Think I was one of the first to fit the original Skorpion kit to my 2.8i back in 1992. Worked so well I had to uprate the front end to get rid of the understeer. Ended up with a beautifully neutral car that would four wheel drift in the wet. ;)
Most prevalent on the Mk1 3 litre, the issue with the leaf springs is that they would twist lengthways, allowing the axle to move up to an inch out of line with the body, from side to side.
So you hammer into a corner and the axle stays put but the body moves outwards over it. Mid corner you hit a bump, the axle jumps outwards to line up with the body and you are taken backwards to the scene of the accident. :?
I agree that the x-frame is an industrial scale solution, but it does work.
To a smaller extent it also helps prevent the front of the diff trying to climb up under acceleration, by transmitting that twisting force into the leaf springs. On the original A-Frame this pushed all that force into the front end of the springs, which couldn't have been very good for them.
In the X-Frame it transmits the force equally to both ends of the spring.
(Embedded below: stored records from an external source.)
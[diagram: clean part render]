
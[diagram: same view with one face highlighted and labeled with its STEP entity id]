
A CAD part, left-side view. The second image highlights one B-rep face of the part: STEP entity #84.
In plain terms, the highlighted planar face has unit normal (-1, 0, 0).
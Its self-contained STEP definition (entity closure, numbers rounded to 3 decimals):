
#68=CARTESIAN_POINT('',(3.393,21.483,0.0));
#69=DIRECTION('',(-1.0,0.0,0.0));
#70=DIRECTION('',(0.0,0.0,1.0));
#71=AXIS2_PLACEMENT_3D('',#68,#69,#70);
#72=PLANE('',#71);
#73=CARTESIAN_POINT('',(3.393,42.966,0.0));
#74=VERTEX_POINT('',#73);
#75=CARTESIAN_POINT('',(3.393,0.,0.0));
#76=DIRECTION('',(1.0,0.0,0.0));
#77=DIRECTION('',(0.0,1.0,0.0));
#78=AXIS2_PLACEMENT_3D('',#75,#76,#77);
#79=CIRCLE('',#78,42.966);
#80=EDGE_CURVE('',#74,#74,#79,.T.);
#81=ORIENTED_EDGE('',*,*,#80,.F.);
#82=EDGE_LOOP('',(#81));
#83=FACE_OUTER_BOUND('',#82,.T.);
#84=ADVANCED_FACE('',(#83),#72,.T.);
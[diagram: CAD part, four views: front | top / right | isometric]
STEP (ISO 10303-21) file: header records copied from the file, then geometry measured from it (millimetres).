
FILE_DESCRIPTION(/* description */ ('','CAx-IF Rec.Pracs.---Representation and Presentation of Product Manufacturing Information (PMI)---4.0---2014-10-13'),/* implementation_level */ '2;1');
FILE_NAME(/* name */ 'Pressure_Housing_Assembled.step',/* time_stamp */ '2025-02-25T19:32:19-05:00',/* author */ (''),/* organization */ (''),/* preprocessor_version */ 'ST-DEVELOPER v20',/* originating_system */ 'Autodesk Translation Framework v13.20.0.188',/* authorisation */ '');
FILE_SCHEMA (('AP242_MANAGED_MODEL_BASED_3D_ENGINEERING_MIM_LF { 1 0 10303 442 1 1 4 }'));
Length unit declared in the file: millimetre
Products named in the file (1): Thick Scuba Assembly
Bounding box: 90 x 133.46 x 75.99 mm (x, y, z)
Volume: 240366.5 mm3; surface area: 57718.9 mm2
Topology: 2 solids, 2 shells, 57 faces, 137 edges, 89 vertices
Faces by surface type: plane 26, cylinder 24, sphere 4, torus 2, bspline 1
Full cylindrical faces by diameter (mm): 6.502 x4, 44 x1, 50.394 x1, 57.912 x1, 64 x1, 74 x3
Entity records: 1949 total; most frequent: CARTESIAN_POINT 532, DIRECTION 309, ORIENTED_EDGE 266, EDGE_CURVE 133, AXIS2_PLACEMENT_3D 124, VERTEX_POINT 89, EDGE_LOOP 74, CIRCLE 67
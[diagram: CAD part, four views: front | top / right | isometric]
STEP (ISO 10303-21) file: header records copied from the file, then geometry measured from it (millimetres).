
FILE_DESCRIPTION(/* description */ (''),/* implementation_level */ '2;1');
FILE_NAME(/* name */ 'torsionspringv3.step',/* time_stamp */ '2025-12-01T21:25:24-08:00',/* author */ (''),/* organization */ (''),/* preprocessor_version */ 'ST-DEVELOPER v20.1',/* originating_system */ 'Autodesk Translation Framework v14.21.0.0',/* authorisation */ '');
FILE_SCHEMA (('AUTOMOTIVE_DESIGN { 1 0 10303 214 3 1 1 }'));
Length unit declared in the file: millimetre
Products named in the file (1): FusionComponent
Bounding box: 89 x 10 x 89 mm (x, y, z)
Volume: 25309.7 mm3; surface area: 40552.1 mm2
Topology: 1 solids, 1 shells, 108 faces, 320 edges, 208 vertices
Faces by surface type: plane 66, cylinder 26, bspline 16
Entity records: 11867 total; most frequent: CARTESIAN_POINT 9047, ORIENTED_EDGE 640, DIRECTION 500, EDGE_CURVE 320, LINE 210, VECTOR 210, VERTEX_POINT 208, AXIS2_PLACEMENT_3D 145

Still the same force in total applied to the spring, but not such great point loads.
So the simple answer is: a cheap solution which turned out to be more effective than anyone thought it would.
My old 2.8i is still on the road and still wearing it's original X-Frame and leaf springs. I'm told it still handles well. That could be due to the 1" front ARB and 5/8" rear ARB, and the 175, -1" front springs, plus the Skorpion strut brace as well though.